DIOGENE E ALESSANDRO

 

Alessandro si chiedeva se fosse il momento giusto, per andare a trovare Diogene. Dicevano che fosse d’umore particolar­mente nero, in quei giorni; che fosse scontroso più del solito e che fosse imprudente andargli a parlare. Matto com’era c’era il rischio di riceverne degli insulti: e lui non poteva permetterselo. Se avesse fatto finta di nulla sarebbe stato come se avesse autorizzato la gente a non prenderlo sul serio; se l’avesse fatto frustare od uccidere, la cosa gli avrebbe fatto cattiva pubblicità. Diogene infatti era conosciuto da tutti ed era considerato un genio straordinario. Certo, molti pensavano anche che fosse pazzo, ma restava un pazzo simpatico. Un’attrazione che la città avrebbe perso molto malvolentieri. Quando diede un’occhiata alla sua agenda fu però costretto a mettere da parte gli indugi: quello era l’unico giorno possibi­le e non gli rimaneva che incamminarsi.

Giunto dal filosofo, tanto per essere gentile, così come avrebbe potuto chiedergli come stesse, gli chiese cosa potesse fare per lui. E mentalmente si domandò se non dovesse aggiungere che poteva dargli una casa, denaro, una carica, qualunque cosa.

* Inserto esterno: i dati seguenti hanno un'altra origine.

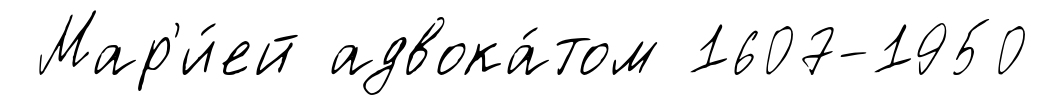
Мар'и́ей адвока́том 1607-1950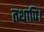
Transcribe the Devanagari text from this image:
तथापि।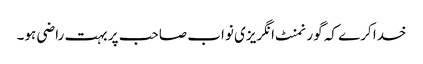
خدا کرے کہ گورنمنٹ انگریزی نواب صاحب پر بہت راضی ہو۔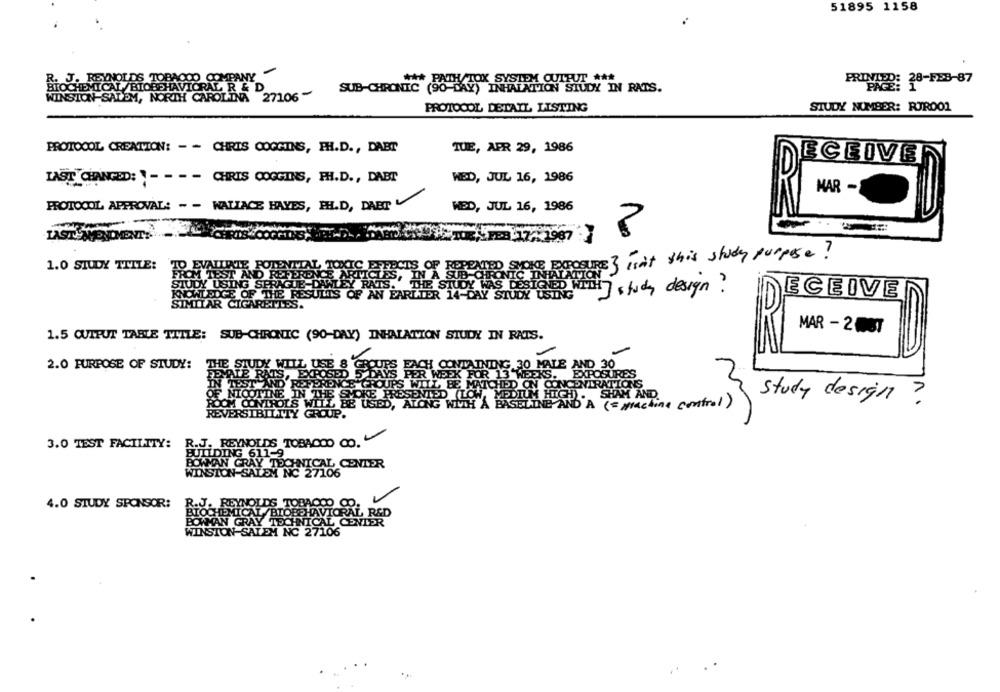
51895 1158
R. J. REYNOLDS TOBACCO COMPANY
SUB-CHRONTIC
*** PATH TOX SYSTEM CUIPUT ***
02: 28-FEB-87
BIOCHEMICAL /BIOBEHAVIORAL R & D
INHALATION STUDY IN RATS.
WINSTON-SALEM, NORTH CAROLINA 27106-
PROTOCOL DETAIL LISTING
STUDY NUMBER: RORDO1
PROTOCOL CREATION: - - CHRIS COGGINS, PH.D ., DAETT
TUE, APR 29, 1986
ECEIVE
LAST CHANGED: "- - - - CHRIS COGGINS, PH.D ., DABT
WED, JUL 16, 1986
MAR -
PROTOCOL APPROVAL: - - WALLACE HAYES, PH.D, DAET
WED, JUL 16, 1986
no
1987
SURE 3 isn't this study purpose ?
EVAITIAT
1.0 STUDY TITLE:
TOXIC EFFECTS OF REPEATED SMOKE EXPOS
TEST
"ARTICLES, IN A SUB CHRONIC INHALATT
QUE
THE STUDY WAS DESIGNED WI
WLEY RATS.
LIS OF AN EARLIER 14-DAY STUDY USING
J study design ?
ECEIVE
MAR - 2007
1.5 OUTPUT TABLE TITLE: SUB-CHRONIC (90-DAY) INHALATION STUDY IN RATS.
2.0 PURPOSE OF STUDY:
E 8
FACH CONTAINING 30 MALE AND 30
OSED 5 DAY
IS PER WEEK FOR 13 WEEKS. EXPOSURES
RENCE GROUPS WILL BE MATCHED ON CONCENTRATIONS
THE SMOKE PRESENTED (LOW.
MEDIUM HIGH). SHAM AND
study design ?
BE USED, ALONG WITH A BASELINE AND A (= Machine control)
REVERSIB
OUP.
R.J. REYNOLDS TOBACCO CO.
3.0 TEST FACILITY:
BUILDING 611-9
BOWMAN GRAY TECHNICAL CENTER
WINSTON-SALEM NC 27106
4.0 STUDY SPONSOR:
R.J. REYNOLDS TOBACCO CO.
BIOCHEMICAL /BIOBEHAVIORAL R&D
BOWMAN GRAY TECHNICAL CENTER
WINSTON-SALEM NC 27106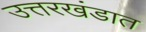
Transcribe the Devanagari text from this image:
उत्तरखंडात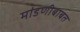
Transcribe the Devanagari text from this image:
मांडणीबाबत

Si trattenne tuttavia per paura che il vecchio prendesse tutto questo per una sorta di vanteria. “Tanto sa bene chi sono”, pensava. Ma il filosofo lo guardò con indifferenza e gli diede quella risposta che è rimasta famosa nei secoli: “Spostati dal mio sole”.

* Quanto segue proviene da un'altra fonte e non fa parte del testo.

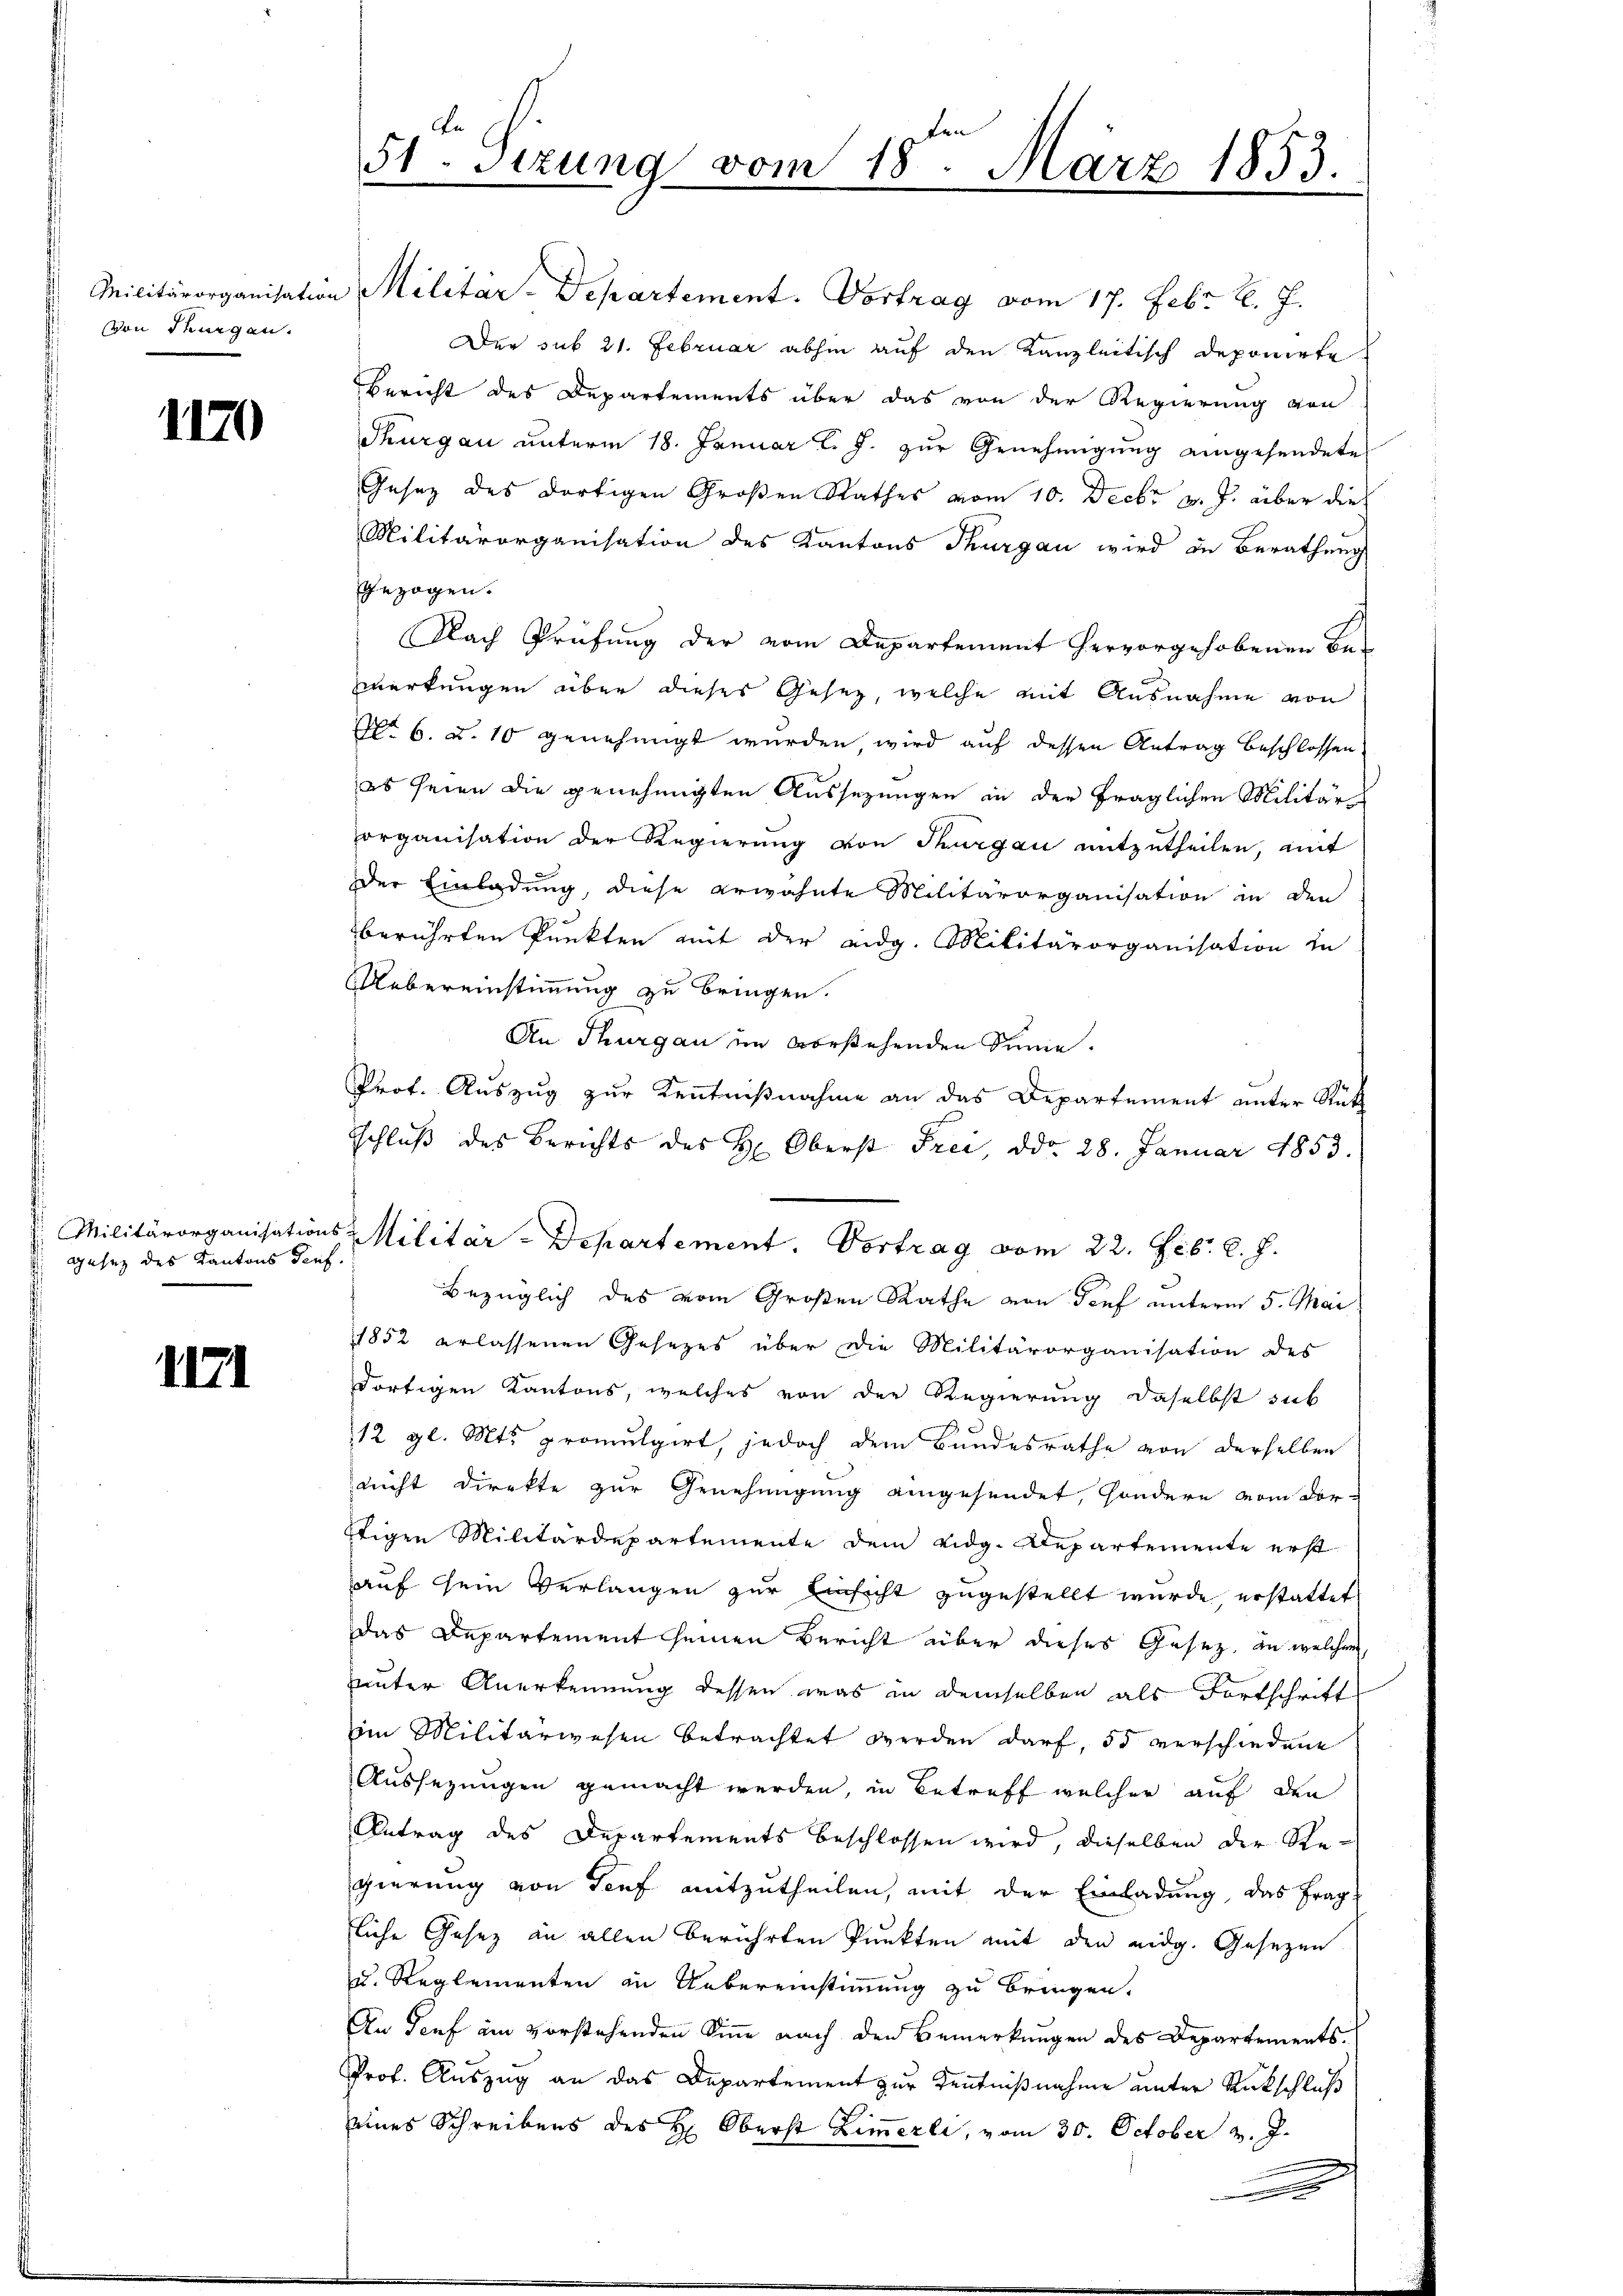
von Thurgau.

1170

.
gesez des Kantons Teuf

1171

Militärorganisation Militär-Departement. Vortrag vom 17. Febr. l. J.
Der sub 21. Februar abhin auf den Kanzleitisch deponirte
Bericht des Departements über das von der Regierung von
Thurgau unterm 18. Januar l. J. zur Genehmigung eingesendete
Gesetz des dortigen Großen Rathes vom 10. Decbr v. J. über die
Militärorganisation des Kantons Thurgau wird in Berathung
gezogen.
Nach Prüfung der vom Departement hervorgehobenen Be-
erkungen über dieses Gesez, welche mit Ausnahme von
No 6. u. 10 genehmigt wurden, wird auf dessen Antrag beschlossen,
es seien die genehmigten Aussezungen in der fraglichen Militärorganisation der Regierung von Thurgau mitzutheilen, mit
der Einladung, diese erwähnte Militärorganisation in den
berührten Punkten mit der eidg. Militärorganisation in
Uebereinstimmung zu bringen.
An Thurgau im vorstehenden Sinie.
Prof. Auszug zur Kenntnißnahme an das Departement unter Rüth
sschluß des Berichts des H. Oberst Frei, ddo 28. Januar 1853.
 Militärorganisations-Militär-Departement. Vortrag vom 22. Febr. l. J.
Bezüglich des vom Großen Rathe von Genf unterm 5. Mai
1852 erlassenen Gesetzes über die Militärorganisation des
dortigen Kantons, welches von der Regierung daselbst sub
12 gl. Mts. promulgirt, jedoch dem Bundesrathe von derselben
nicht direkte zur Genehmigung eingesendet, sondern vom dor-
ftigen Militärdepartemente dem eidg. Departemente erst
auf sein Verlangen zur Einsicht zugestellt wurde, erstattet
das Departement seinen Bericht aber dieses Gesez an welchen,
uunter Anerkennung dessen was in demselben als Fortschrift
im Militärwesen betrachtet werden darf, 35 verschiedene
Aussezungen gemacht werden, in Betreff welcher auf den
Antrag des Departements beschlossen wird, dieselben der Regierung von Senf mitzutheilen, mit der Einladung, das Frag
liche Gesez an allen berührten Punkten mit den eidg. Gesetzen
u. Reglementen in Uebereinstimmung zu bringen.
An Genf am vorstehenden Sinne nach den Bemerkungen des Departements¬
Prof. Auszug an das Departement zur Kenntnißnahme unter Rückschluß
eines Schreibens des H: Oberst Zimmerli, vom 30. October d. J.
x

51. Sizung vom 18. März 1853.

– Bene, disse Alessandro. Mi hai chiesto di spostarmi ed io mi sposto. Ovviamente non c’è altro che io possa fare per te.

– Ovviamente no, sorrise Diogene, che sperava di urtarlo un po’.

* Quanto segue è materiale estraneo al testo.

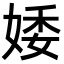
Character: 婑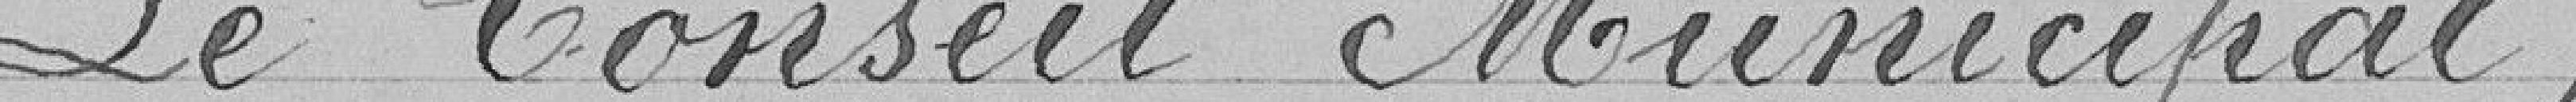
Le Conseil Municipal,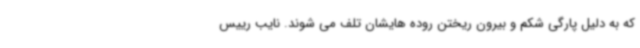
که به دلیل پارگی شکم و بیرون ریختن روده هایشان تلف می شوند. نایب رییس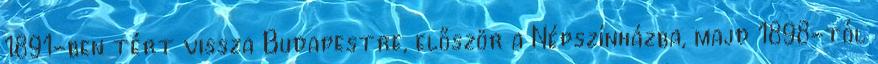
1891-ben tért vissza Budapestre, először a Népszínházba, majd 1898-tól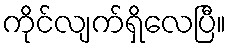
ကိုင်လျက်ရှိလေပြီ။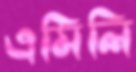
এমিলি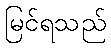
မြင်ရသည်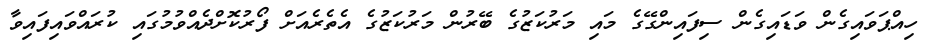
ހިއްޕަވައިގެން ވަޑައިގެން ސިފައިންގޭގެ މައި މަރުކަޒުގެ ބޭރުން މަރުކަޒުގެ އެތެރެއަށް ފޯރުކޮށްދެއްވުމުގައި ކުރައްވައިފައިވާ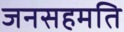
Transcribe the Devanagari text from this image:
जनसहमति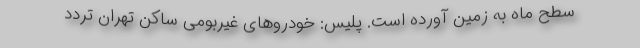
سطح ماه به زمین آورده است. پلیس: خودروهای غیربومی ساکن تهران تردد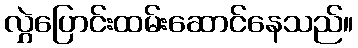
လွှဲပြောင်းထမ်းဆောင်နေသည်။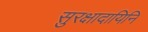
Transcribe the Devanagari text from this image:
सुरक्षादायिनि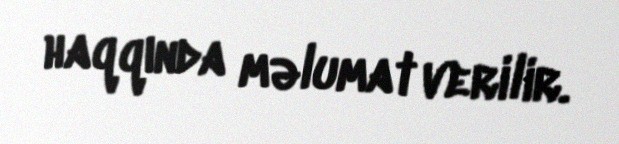
haqqında məlumat verilir.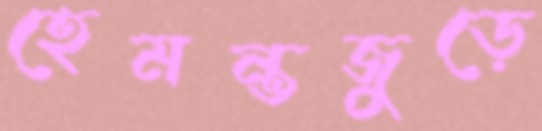
হেমন্তজুড়ে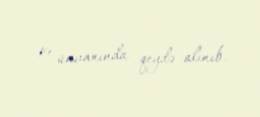
19 ünvanında qeydə alınıb.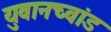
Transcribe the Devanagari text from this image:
युवानच्वांड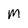
Character: M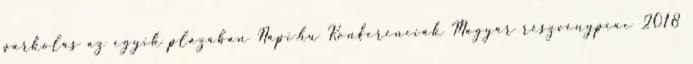
parkolás az egyik plázában Napi.hu Konferenciák Magyar részvénypiac 2018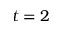
t = 2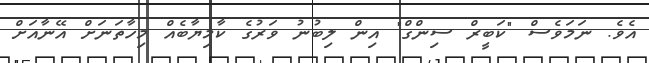
އެވެ. ނަމަވެސް "ކަބީރް ސިންގް" އިން ލިބުނު ވަރުގެ ކާމިޔާބެއް މިހާތަނަށް އޭނާއަށް

– Però, soggiunse il condottiero, non è detto che tu non possa fare qualcosa per me.

Congedò il seguito sventolando una mano annoiata e poi, con l’agilità dei suoi giovani anni, si sedette per terra incrociando le caviglie:

– Ti devo chiedere una cosa.

 Il filosofo prima si stupì, poi si preoccupò e infine si affrettò ad avvertirlo:

– Io non possiedo nulla, non so nulla e non sono capace di fare nulla.

– Però mi hanno detto che sei un saggio. Un uomo dalla mente e dalla cultura superiore. Puoi negarlo?

– Mah! Chi mai è creduto, quando respinge un complimento ben fatto? Dai del saggio ad un saggio, dai del saggio ad un imbecille, ambedue ti crederanno. Comunque ti avverto che non do lezioni private. Né a pagamento né per l’onore di succedere nella carica ad Aristotele.

Alessandro rise:

– Non ti chiedo lezioni private e fra l’altro credo di aver già superato l’esame della vita. No. Vorrei solo che mi dicessi se ti senti coerente.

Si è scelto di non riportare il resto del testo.